> [Your goal]
Search the listing below for the word "person", and copy every line in which it turns up.
(Material for the task)
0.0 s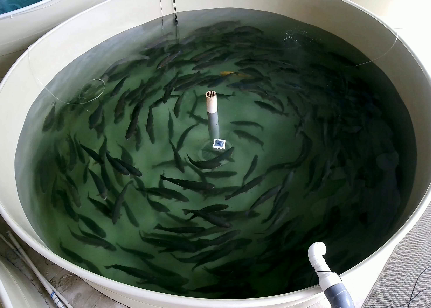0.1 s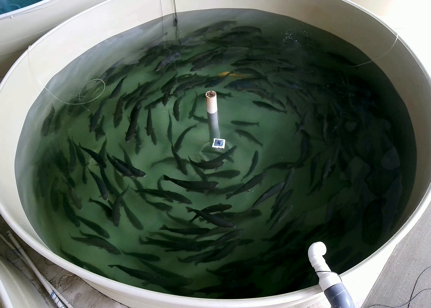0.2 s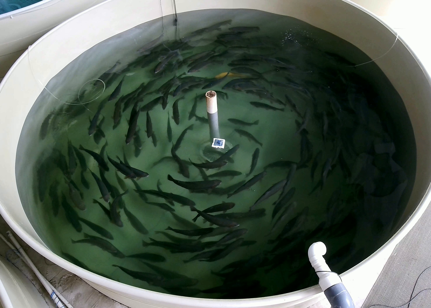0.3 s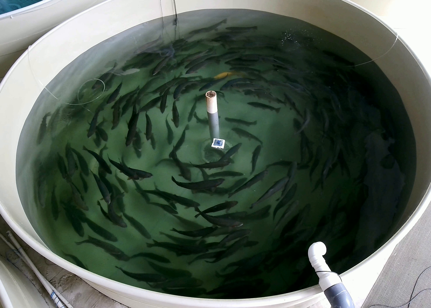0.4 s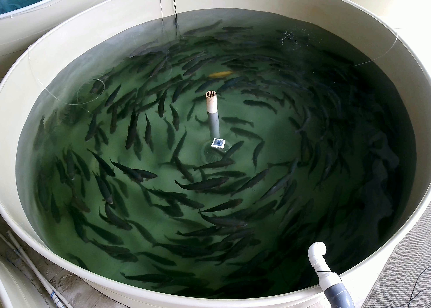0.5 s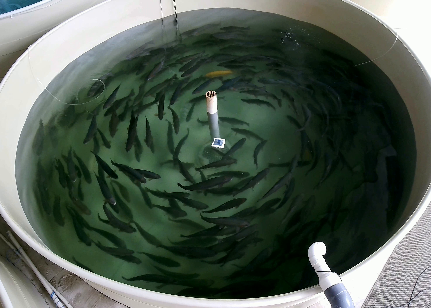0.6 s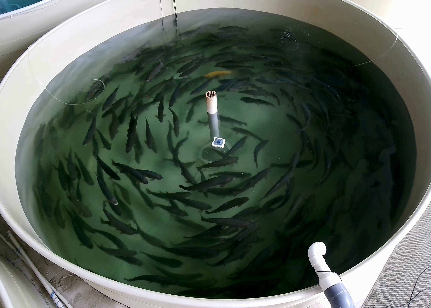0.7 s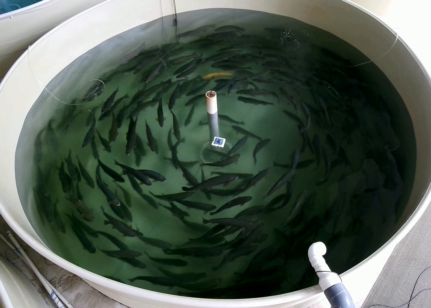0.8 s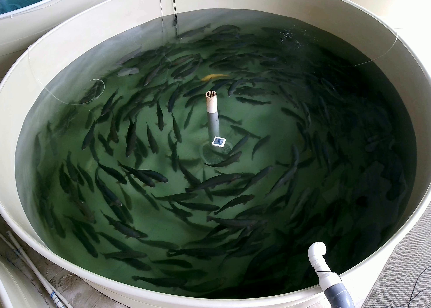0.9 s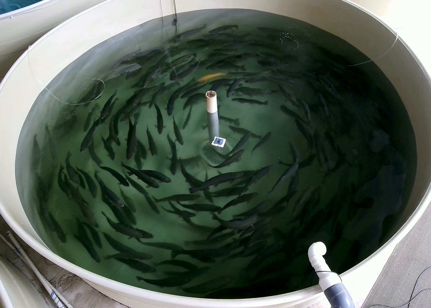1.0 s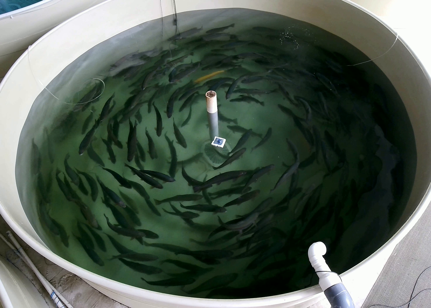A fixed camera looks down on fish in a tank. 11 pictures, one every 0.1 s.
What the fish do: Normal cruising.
(End Material for the task)
(Material for the task)
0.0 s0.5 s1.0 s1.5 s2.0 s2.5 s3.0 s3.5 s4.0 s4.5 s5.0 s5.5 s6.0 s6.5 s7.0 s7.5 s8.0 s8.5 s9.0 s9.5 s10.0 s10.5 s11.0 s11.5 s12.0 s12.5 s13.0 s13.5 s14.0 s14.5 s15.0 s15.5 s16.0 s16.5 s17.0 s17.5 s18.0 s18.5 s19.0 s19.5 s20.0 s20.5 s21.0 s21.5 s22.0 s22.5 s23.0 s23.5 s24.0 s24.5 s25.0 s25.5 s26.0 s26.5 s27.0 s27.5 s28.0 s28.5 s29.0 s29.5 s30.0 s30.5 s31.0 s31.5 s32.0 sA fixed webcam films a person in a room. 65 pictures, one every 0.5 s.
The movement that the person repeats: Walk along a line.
(End Material for the task)
(Material for the task)
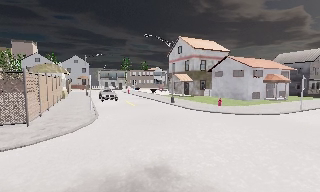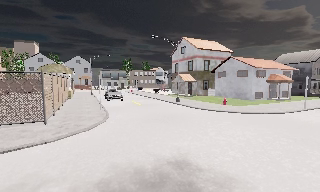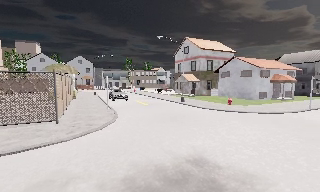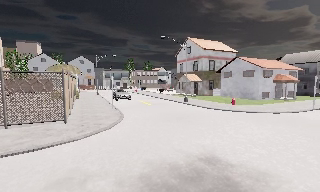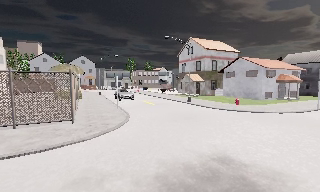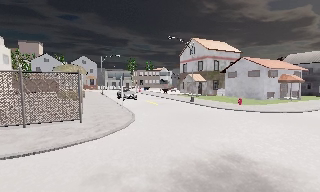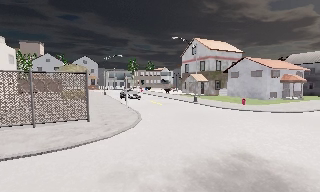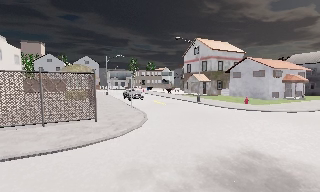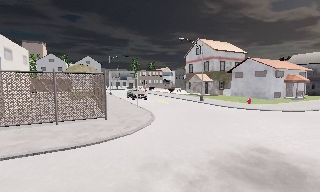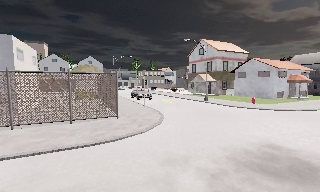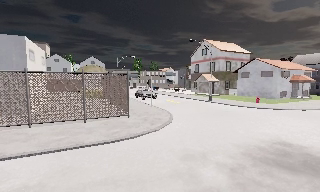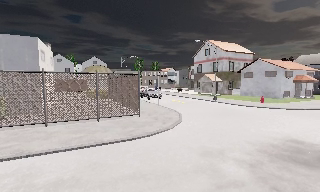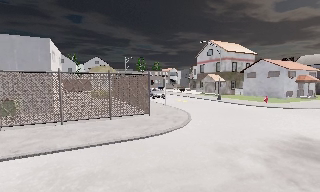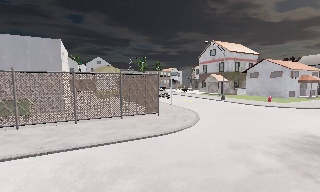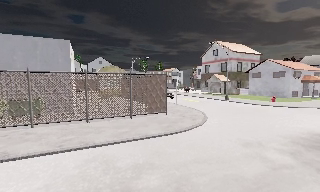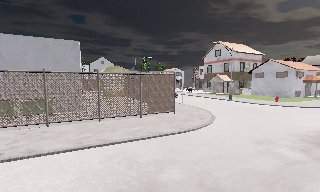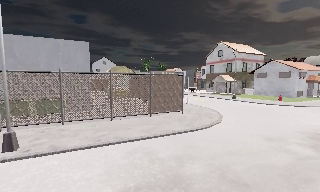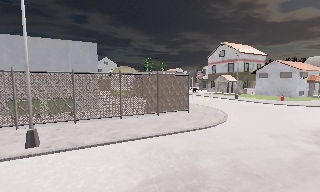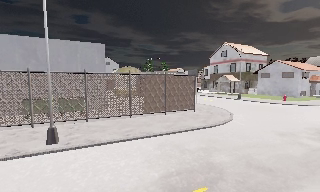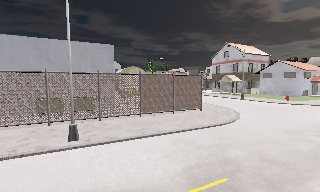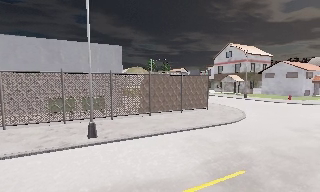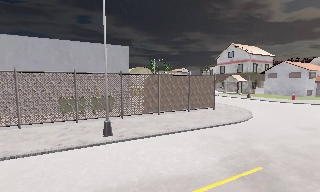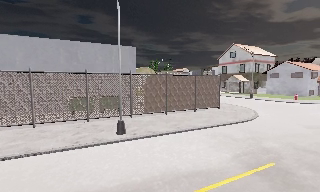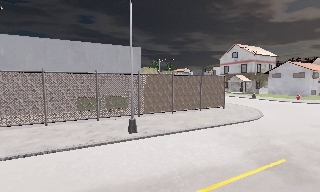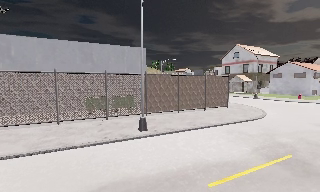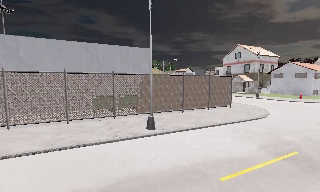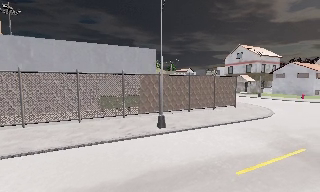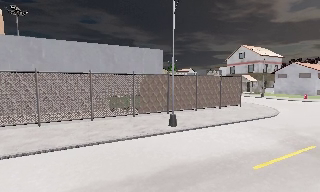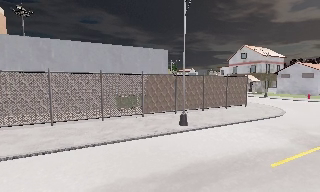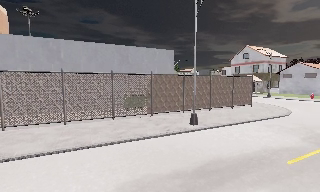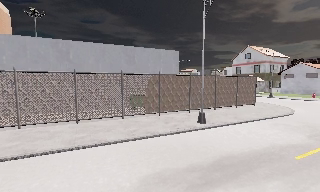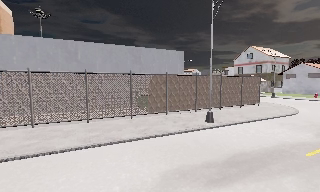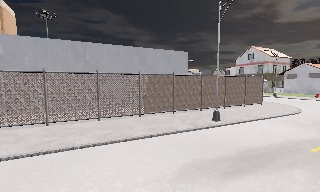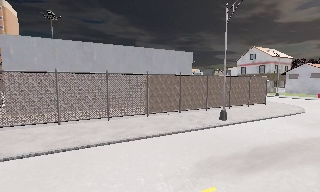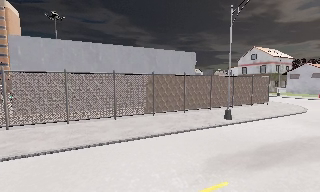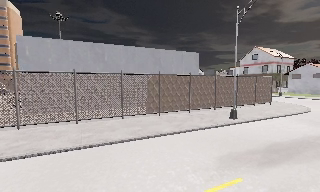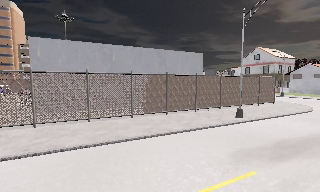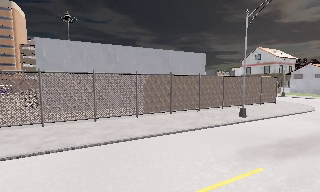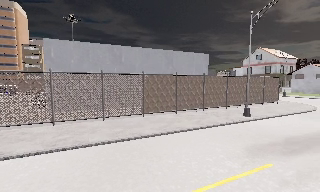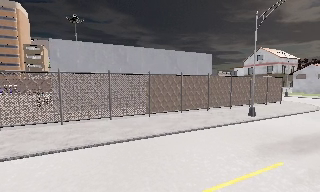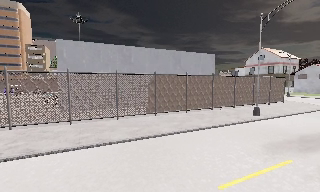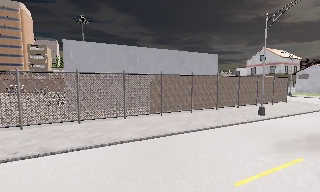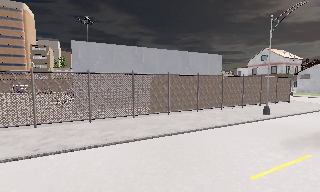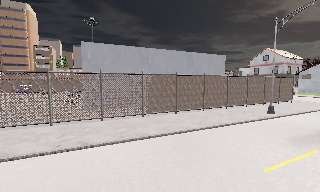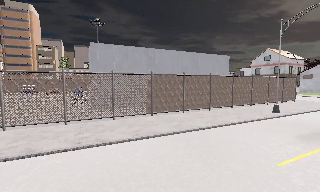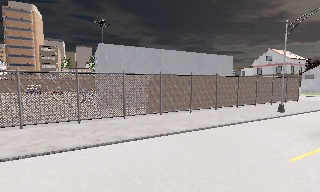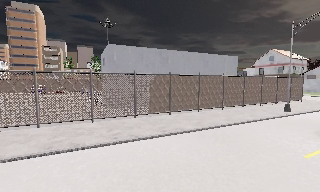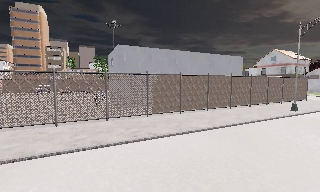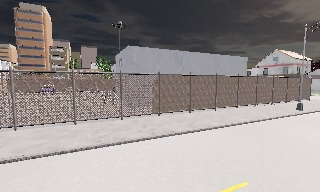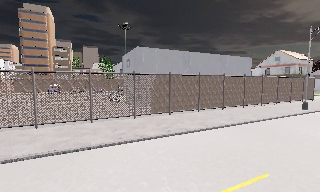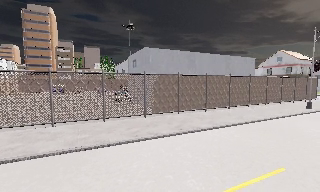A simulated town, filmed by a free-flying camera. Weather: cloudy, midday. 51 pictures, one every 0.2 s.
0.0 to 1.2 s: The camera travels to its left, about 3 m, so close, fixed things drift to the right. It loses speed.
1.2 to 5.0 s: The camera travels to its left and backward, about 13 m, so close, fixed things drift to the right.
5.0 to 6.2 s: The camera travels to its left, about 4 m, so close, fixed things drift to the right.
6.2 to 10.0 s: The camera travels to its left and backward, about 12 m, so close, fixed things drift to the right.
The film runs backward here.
(End Material for the task)
> [Answer box]
0.0 s0.5 s1.0 s1.5 s2.0 s2.5 s3.0 s3.5 s4.0 s4.5 s5.0 s5.5 s6.0 s6.5 s7.0 s7.5 s8.0 s8.5 s9.0 s9.5 s10.0 s10.5 s11.0 s11.5 s12.0 s12.5 s13.0 s13.5 s14.0 s14.5 s15.0 s15.5 s16.0 s16.5 s17.0 s17.5 s18.0 s18.5 s19.0 s19.5 s20.0 s20.5 s21.0 s21.5 s22.0 s22.5 s23.0 s23.5 s24.0 s24.5 s25.0 s25.5 s26.0 s26.5 s27.0 s27.5 s28.0 s28.5 s29.0 s29.5 s30.0 s30.5 s31.0 s31.5 s32.0 sA fixed webcam films a person in a room. 65 pictures, one every 0.5 s.
The movement that the person repeats: Walk along a line.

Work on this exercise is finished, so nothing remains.